Okay, it's not the weekend, but still, here's a little food for non-weekend thought from C.S. Lewis:
(From one of my favorites of all of Lewis' writings--The Screwtape Letters. This is written from the point of view of Screwtape, a senior devil, writing to a "junior tempter," Wormwood, about how to woo and win for hell a human assigned to him.)
"Humans are amphibians--half spirit and half animal...As spirits they belong to the eternal world, but as animals they inhabit time. This means that while their spirit can be directed to an eternal object, their bodies, passions, and imaginations are in continual change, for to be in time means to change. Their nearest approach to constancy, therefore, is undulation--the repeated return to a level from which they repeatedly fall back, a series of troughs and peaks. If you had watched your patient carefully you would have seen this undulation in every department of his life--his interest in work, his affection for his friends, his physical appetites, all go up and down. As long as he lives on earth periods of emotional and bodily richness and liveliness will alternate with periods of numbness and poverty...
Now it may surprise you to learn that in the Enemy's [remember--the Enemy from Screwtape's vantage point is God!] efforts to get permanent possession of a soul, He relies on the troughs even more than on the peaks; some of His special favorites have gone through longer and deeper troughs than anyone else. The reason is this. To us [meaning satan and devils] a human is primarily food; our aim is the absorption of it's will into ours, the increase of our own area of selfhood at it's expense. But the obedience the Enemy [God!] demands of men is quite a different thing. One must face the fact that all the talk about His love for men, and His service being perfect freedom, is not (as one would gladly believe) mere propaganda, but an appalling truth. He really does want to fill the universe with a lot of loathsome little replicas of Himself--creatures whose life, on its miniature scale, will be qualitatively like His own, not because He has absorbed them but because their wills freely conform to His. We want cattle who can finally become food; He wants servants who can finally become sons. We want to suck in, He wants to give out. We are empty and would be filled; He is full and flows over."
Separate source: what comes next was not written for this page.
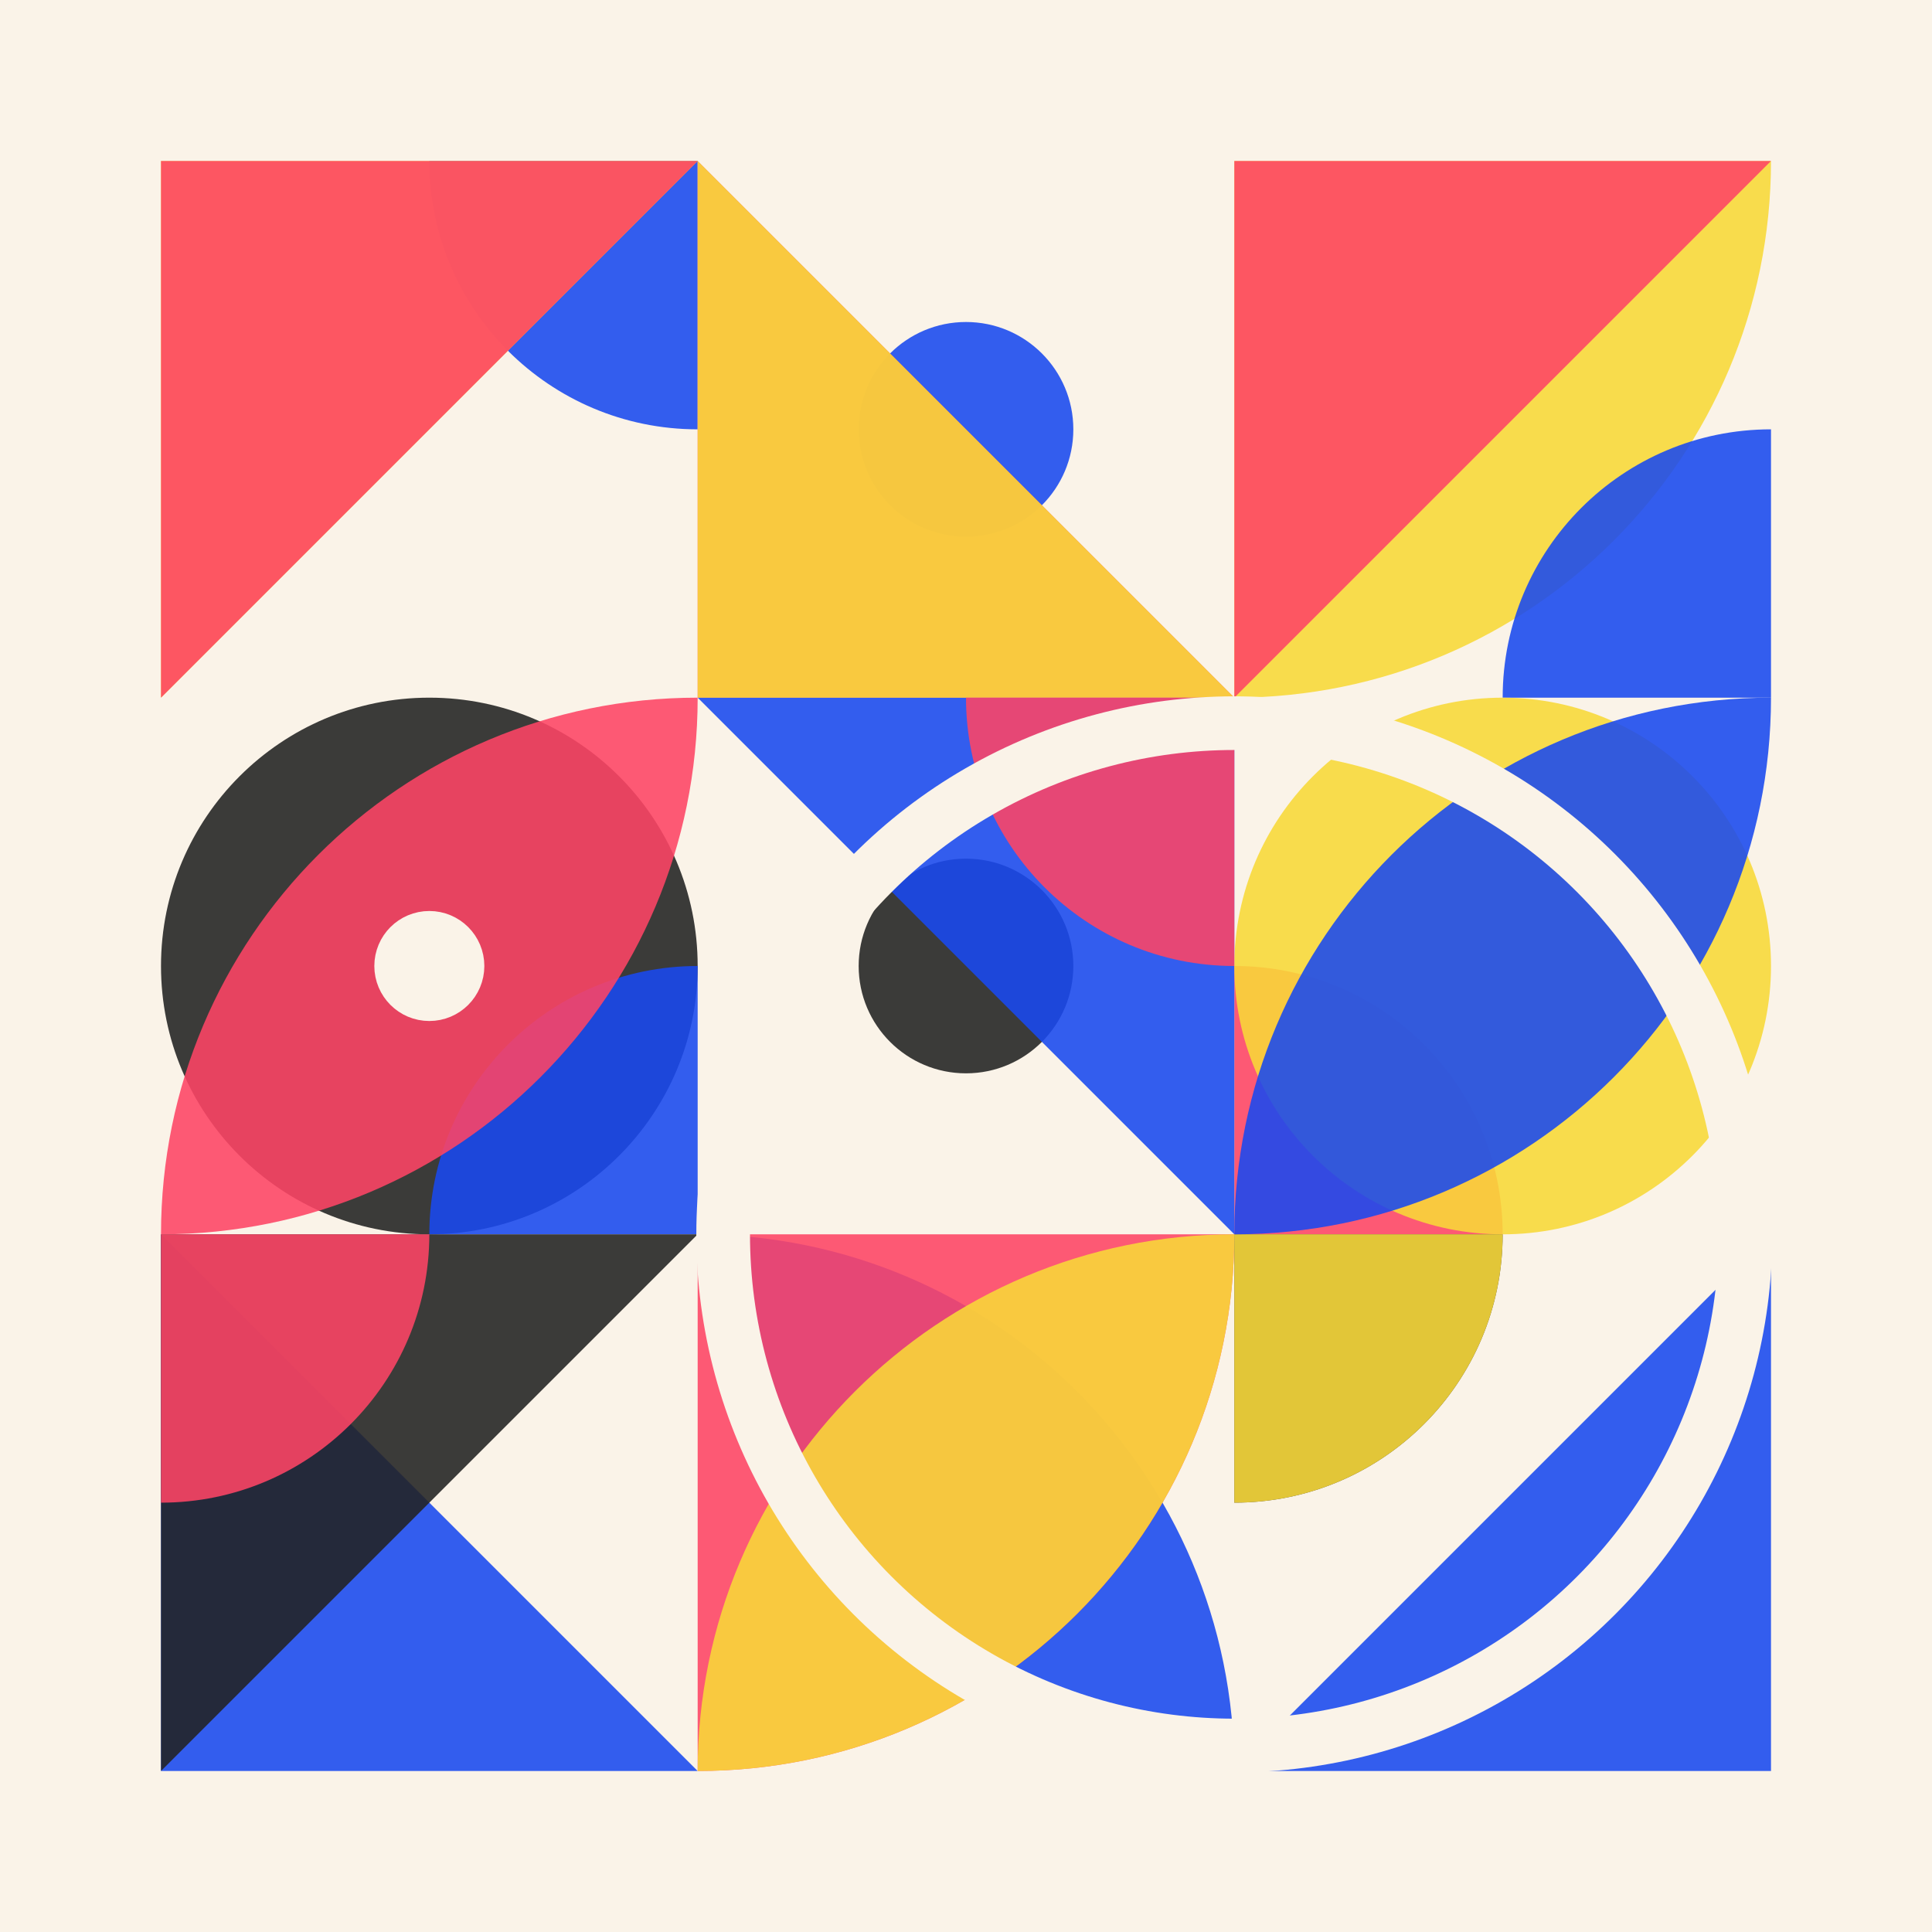 <svg xmlns="http://www.w3.org/2000/svg" id="SvgjsSvg1000" width="360" height="360" version="1.1"><path fill="#faf3e8" d="M0 0h360v360H0z"/><g transform="translate(30 30)"><g><g><path fill="#1A49EF" d="M50 0c0 27.614 22.386 50 50 50V0H50Z" style="opacity:.88"/></g><g transform="translate(100)"><circle cx="20" cy="20" r="20" fill="#1A49EF" style="opacity:.88" transform="translate(30 30)"/></g><g transform="translate(200)"><path fill="#F8D938" d="M0 100V0h100c0 55.228-44.772 100-100 100Z" style="opacity:.88"/></g><g transform="translate(0 100)"><circle cx="50" cy="50" r="50" fill="#222" style="opacity:.88"/></g><g transform="translate(100 100)"><circle cx="20" cy="20" r="20" fill="#222" style="opacity:.88" transform="translate(30 30)"/></g><g transform="translate(200 100)"><path fill="#FE4465" d="M50 100c0-27.614-22.386-50-50-50v50h50Z" style="opacity:.88"/></g><g transform="translate(0 200)"><path fill="#1A49EF" d="M0 100h100L0 0v100Z" style="opacity:.88"/></g><g transform="translate(100 200)"><path fill="#1A49EF" d="M0 0c0 55.228 44.772 100 100 100C100 44.772 55.228 0 0 0Z" style="opacity:.88"/></g><g transform="translate(200 200)"><path fill="#222" d="M50 0c0 27.614-22.386 50-50 50V0h50Z" style="opacity:.88"/></g><g><path fill="#F8D938" d="M0 0h100L0 100V0Z" style="opacity:.88"/></g><g transform="translate(100)"><path fill="#FE4465" d="M0 100h100L0 0v100Z" style="opacity:.88"/></g><g transform="translate(200)"><path fill="#1A49EF" d="M50 100c0-27.614 22.386-50 50-50v50H50Z" style="opacity:.88"/></g><g transform="translate(0 100)"><path fill="#1A49EF" d="M50 100c0-27.614 22.386-50 50-50v50H50Z" style="opacity:.88"/></g><g transform="translate(100 100)"><path fill="#1A49EF" d="M100 0H0l100 100V0Z" style="opacity:.88"/></g><g transform="translate(200 100)"><circle cx="50" cy="50" r="50" fill="#F8D938" style="opacity:.88"/></g><g transform="translate(0 200)"><path fill="#222" d="M0 0h100L0 100V0Z" style="opacity:.88"/></g><g transform="translate(100 200)"><path fill="#FE4465" d="M0 100V0h100c0 55.228-44.772 100-100 100Z" style="opacity:.88"/></g><g transform="translate(200 200)"><path fill="#F8D938" d="M50 0c0 27.614-22.386 50-50 50V0h50Z" style="opacity:.88"/></g><g><path fill="#FE4465" d="M0 0h100L0 100V0Z" style="opacity:.88"/></g><g transform="translate(100)"><path fill="#F8D938" d="M0 100h100L0 0v100Z" style="opacity:.88"/></g><g transform="translate(200)"><path fill="#FE4465" d="M0 0h100L0 100V0Z" style="opacity:.88"/></g><g transform="translate(0 100)"><path fill="#FE4465" d="M0 100C0 44.772 44.772 0 100 0c0 55.228-44.772 100-100 100Z" style="opacity:.88"/></g><g transform="translate(100 100)"><path fill="#FE4465" d="M50 0c0 27.614 22.386 50 50 50V0H50Z" style="opacity:.88"/></g><g transform="translate(200 100)"><path fill="#1A49EF" d="M0 100C0 44.772 44.772 0 100 0c0 55.228-44.772 100-100 100Z" style="opacity:.88"/></g><g transform="translate(0 200)"><path fill="#FE4465" d="M50 0c0 27.614-22.386 50-50 50V0h50Z" style="opacity:.88"/></g><g transform="translate(100 200)"><path fill="#F8D938" d="M0 100C0 44.772 44.772 0 100 0c0 55.228-44.772 100-100 100Z" style="opacity:.88"/></g><g transform="translate(200 200)"><path fill="#1A49EF" d="M100 100H0L100 0v100Z" style="opacity:.88"/></g><g transform="translate(200 200)"><circle r="95.25" fill="none" stroke="#faf3e8" stroke-width="10"/></g><g transform="translate(50 150)"><circle r="5.25" fill="#faf3e8" stroke="#faf3e8" stroke-width="10"/></g></g></g></svg>

Just in case you, like me, needed the reminder that this temporal life truly is one consisting of "troughs and peaks" and that whatever season we are going through at the moment will not last forever.
Just a few examples: Peak--preparing your children for college with all the excitement, joy, and opportunities college will give them! Trough--returning to a much quieter home and grieving that your children are growing up and life is inexorably changing.
Peak--summer vacation! No schedules, hot weather, beach, mountains, children home from school, family vacations. Trough--end of summer vacation and a return to schedules with everyone going every which way, and all the frenzy and chaos of preparing for school.
Peak--beloved child getting married! Joy, joy, joy! Trough--planning the wedding and feeling overwhelmed at times with all the details. Peak--but also the fun and excitement and privilege of planning the wedding! Trough--being told you cannot invite so many people to the wedding and not being able to include all your friends.
Peak--sweet Moses. Trough--missing Moses.
Peak--getting a lot accomplished, including completely catching up on all the laundry. Yahoo! Trough--the sudden appearance of more dirty clothes, seemingly within moments of "catching up" on the laundry. Feeling you will never ever get everything done that you need to get done. Peak--realizing it's not the end of the world if you don't get it all done! Double peak--determining to put loving and enjoying God and loving the people He has graciously placed in your life as your preeminent priority... and discovering a joy far deeper than getting everything done!
I don't know about you, but I tend to forget about the law of undulation. And I tend to assume, especially in the midst of life's troughs, that whatever I'm enduring at the moment will go on forever... that my momentary feelings of discouragement or defeat or even despair will last forever.
But they won't. Never do. Eventually a peak is coming. And God uses those peaks, but especially those troughs (hard as they are), for our greater good and His greater glory. As Lewis puts it, because "He wants servants who can finally become sons." Our Heavenly Father wants beloved sons--emptied of our selfishness and pride--so we can be filled to overflowing with Himself.
So if you are in the midst of a peak right now, rejoice in the goodness of God and give Him the praise! But if you are enduring a trough--take heart! It will not last forever, and God is working and moving and using even the hardest and deepest of troughs to transform us into the men and women He's called us to be. Making servants into sons. Transforming our weaknesses into strengths. Turning our mourning into rejoicing. And filling our emptiness with His fullness of joy and peace and hope and power. It's the story of redemption painted all over the law of undulation...from peak to trough...all the way to heaven.
To God--the Author of time and undulation and redemption--be all the glory.